(STUDY MATERIAL)

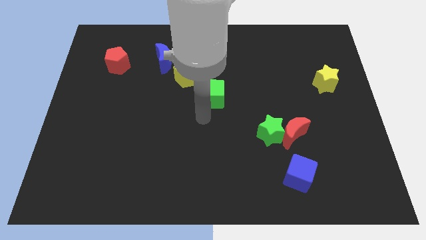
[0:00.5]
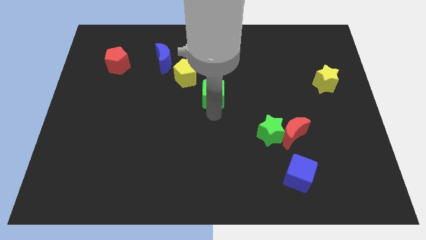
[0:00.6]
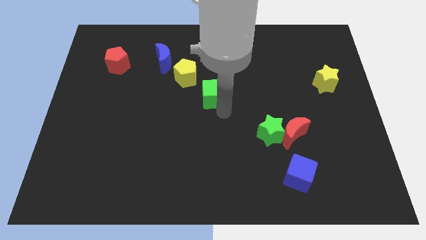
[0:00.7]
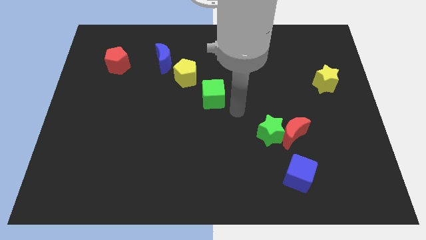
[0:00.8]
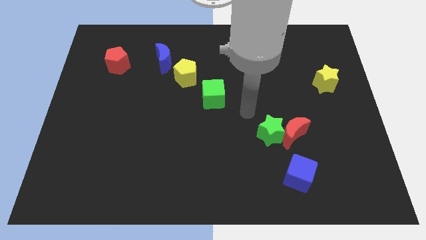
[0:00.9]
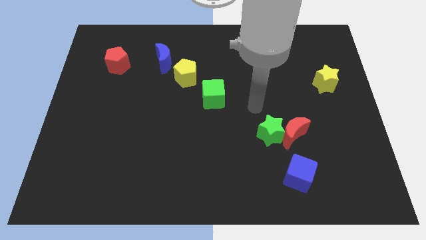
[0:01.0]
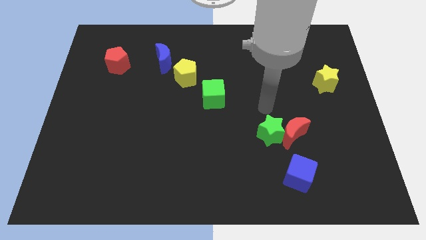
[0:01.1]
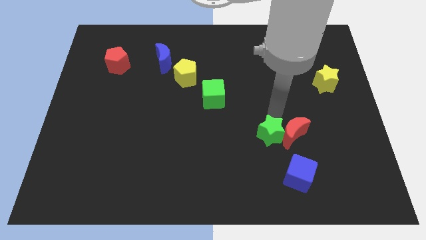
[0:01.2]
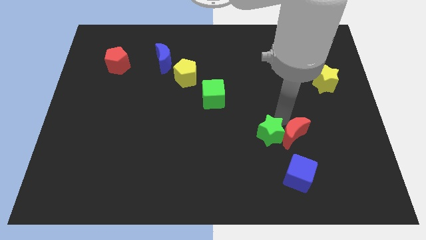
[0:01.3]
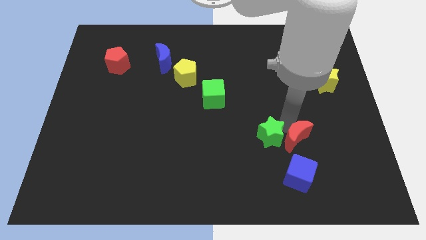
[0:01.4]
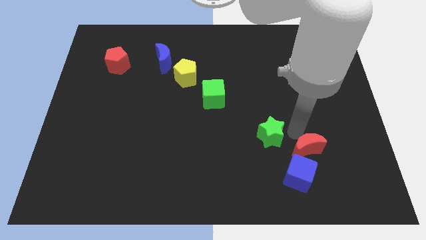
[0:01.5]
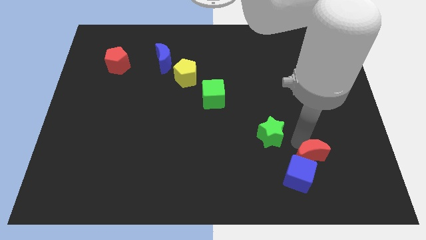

(End STUDY MATERIAL)

Go through the entries and retype them exactly, except for the images.

[0:00.5]
[0:00.6]
[0:00.7]
[0:00.8]
[0:00.9]
[0:01.0]
[0:01.1]
[0:01.2]
[0:01.3]
[0:01.4]
[0:01.5]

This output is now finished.